## [WHAT IS NEEDED]
Return every line of the data below exactly, but do not include the images.

────────────────────────────────────────

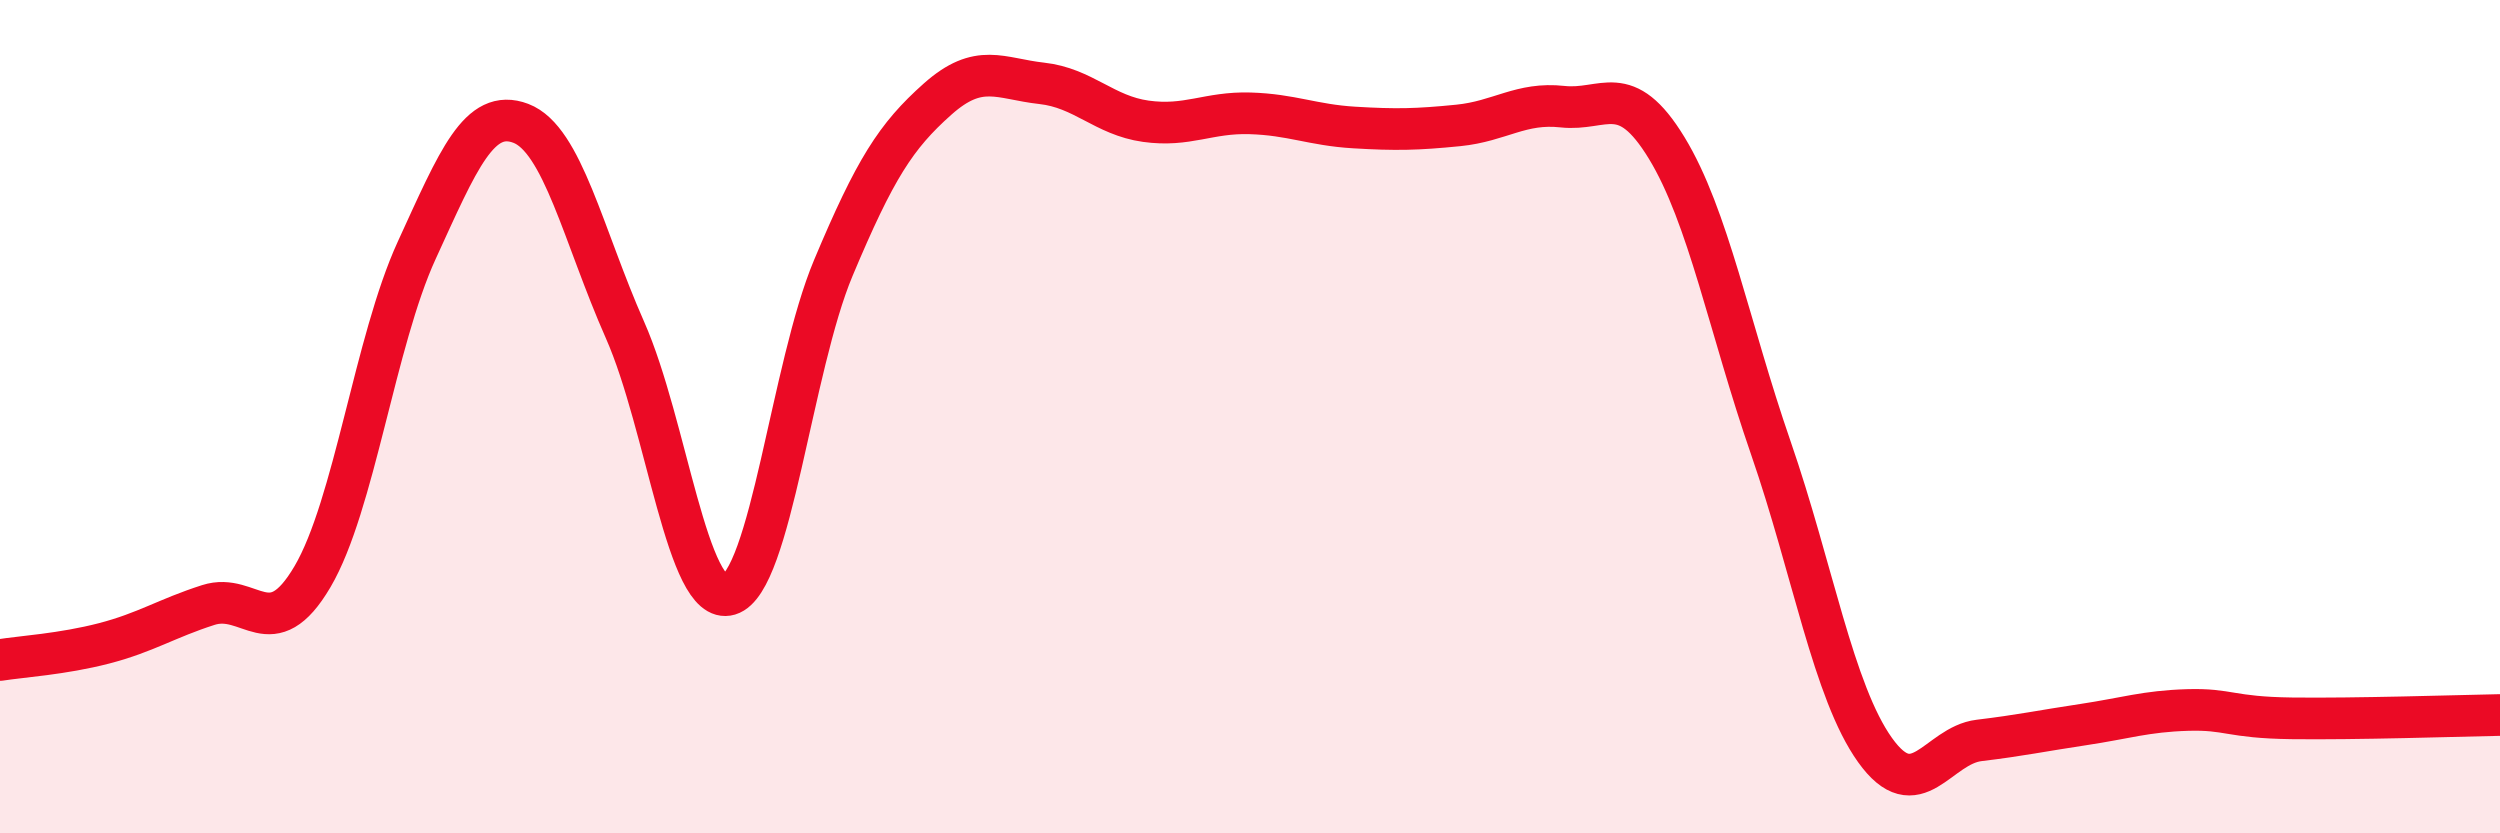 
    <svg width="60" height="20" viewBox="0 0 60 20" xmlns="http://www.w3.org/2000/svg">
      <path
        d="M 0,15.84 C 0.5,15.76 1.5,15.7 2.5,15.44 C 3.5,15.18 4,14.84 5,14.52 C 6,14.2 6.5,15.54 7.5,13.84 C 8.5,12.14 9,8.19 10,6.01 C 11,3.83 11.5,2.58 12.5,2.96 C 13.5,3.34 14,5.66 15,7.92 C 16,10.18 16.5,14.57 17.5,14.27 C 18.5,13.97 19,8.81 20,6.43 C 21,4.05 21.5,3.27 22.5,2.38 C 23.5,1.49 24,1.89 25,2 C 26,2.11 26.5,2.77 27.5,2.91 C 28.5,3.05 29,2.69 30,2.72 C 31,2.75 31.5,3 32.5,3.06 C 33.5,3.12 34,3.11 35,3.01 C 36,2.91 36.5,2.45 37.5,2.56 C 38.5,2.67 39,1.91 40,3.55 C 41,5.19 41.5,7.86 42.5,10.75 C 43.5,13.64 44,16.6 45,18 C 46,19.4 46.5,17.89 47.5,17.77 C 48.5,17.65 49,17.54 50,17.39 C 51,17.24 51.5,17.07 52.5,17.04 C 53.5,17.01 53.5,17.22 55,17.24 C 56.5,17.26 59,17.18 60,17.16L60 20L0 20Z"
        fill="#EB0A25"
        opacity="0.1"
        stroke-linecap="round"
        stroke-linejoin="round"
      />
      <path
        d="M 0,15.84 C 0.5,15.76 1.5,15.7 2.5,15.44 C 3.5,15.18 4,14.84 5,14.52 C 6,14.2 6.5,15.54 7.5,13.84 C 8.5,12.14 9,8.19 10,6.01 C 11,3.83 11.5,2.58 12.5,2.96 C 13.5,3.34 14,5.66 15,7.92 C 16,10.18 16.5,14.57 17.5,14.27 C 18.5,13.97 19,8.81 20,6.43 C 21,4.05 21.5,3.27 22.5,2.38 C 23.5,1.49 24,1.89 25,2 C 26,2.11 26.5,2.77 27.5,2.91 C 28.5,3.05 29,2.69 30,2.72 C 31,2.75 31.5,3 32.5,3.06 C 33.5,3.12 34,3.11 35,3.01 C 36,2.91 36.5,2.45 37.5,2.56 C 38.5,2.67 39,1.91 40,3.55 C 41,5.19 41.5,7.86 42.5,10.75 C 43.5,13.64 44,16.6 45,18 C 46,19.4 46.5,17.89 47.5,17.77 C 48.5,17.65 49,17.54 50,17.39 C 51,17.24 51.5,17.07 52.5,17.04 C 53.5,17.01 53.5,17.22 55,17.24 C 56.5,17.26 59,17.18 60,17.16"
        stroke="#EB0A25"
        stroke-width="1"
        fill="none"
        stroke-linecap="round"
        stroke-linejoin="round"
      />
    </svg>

────────────────────────────────────────

## [ANSWER TO THE EXERCISE]
    <svg width="60" height="20" viewBox="0 0 60 20" xmlns="http://www.w3.org/2000/svg">
      <path
        d="M 0,15.84 C 0.5,15.76 1.5,15.7 2.5,15.44 C 3.5,15.18 4,14.84 5,14.52 C 6,14.2 6.5,15.54 7.5,13.84 C 8.5,12.14 9,8.19 10,6.01 C 11,3.83 11.5,2.58 12.5,2.96 C 13.5,3.34 14,5.66 15,7.92 C 16,10.18 16.5,14.57 17.5,14.27 C 18.5,13.97 19,8.81 20,6.43 C 21,4.05 21.5,3.27 22.5,2.38 C 23.5,1.49 24,1.89 25,2 C 26,2.11 26.5,2.77 27.5,2.91 C 28.5,3.05 29,2.69 30,2.72 C 31,2.75 31.5,3 32.5,3.06 C 33.5,3.12 34,3.11 35,3.01 C 36,2.91 36.5,2.45 37.5,2.56 C 38.5,2.67 39,1.91 40,3.55 C 41,5.19 41.5,7.86 42.5,10.75 C 43.5,13.64 44,16.6 45,18 C 46,19.4 46.5,17.89 47.5,17.77 C 48.5,17.65 49,17.54 50,17.39 C 51,17.24 51.5,17.07 52.5,17.04 C 53.5,17.01 53.5,17.22 55,17.24 C 56.5,17.26 59,17.18 60,17.16L60 20L0 20Z"
        fill="#EB0A25"
        opacity="0.1"
        stroke-linecap="round"
        stroke-linejoin="round"
      />
      <path
        d="M 0,15.84 C 0.5,15.76 1.5,15.7 2.5,15.44 C 3.5,15.18 4,14.84 5,14.52 C 6,14.2 6.5,15.54 7.5,13.84 C 8.5,12.14 9,8.19 10,6.01 C 11,3.83 11.5,2.58 12.5,2.96 C 13.5,3.34 14,5.66 15,7.92 C 16,10.18 16.5,14.57 17.5,14.27 C 18.5,13.97 19,8.81 20,6.43 C 21,4.05 21.5,3.27 22.5,2.38 C 23.5,1.49 24,1.89 25,2 C 26,2.11 26.5,2.77 27.5,2.91 C 28.5,3.05 29,2.69 30,2.72 C 31,2.75 31.5,3 32.5,3.06 C 33.5,3.12 34,3.11 35,3.01 C 36,2.91 36.5,2.45 37.5,2.56 C 38.5,2.67 39,1.91 40,3.55 C 41,5.19 41.5,7.86 42.5,10.75 C 43.5,13.64 44,16.6 45,18 C 46,19.4 46.5,17.89 47.5,17.77 C 48.5,17.65 49,17.54 50,17.39 C 51,17.24 51.5,17.07 52.5,17.04 C 53.5,17.01 53.5,17.22 55,17.24 C 56.5,17.26 59,17.18 60,17.16"
        stroke="#EB0A25"
        stroke-width="1"
        fill="none"
        stroke-linecap="round"
        stroke-linejoin="round"
      />
    </svg>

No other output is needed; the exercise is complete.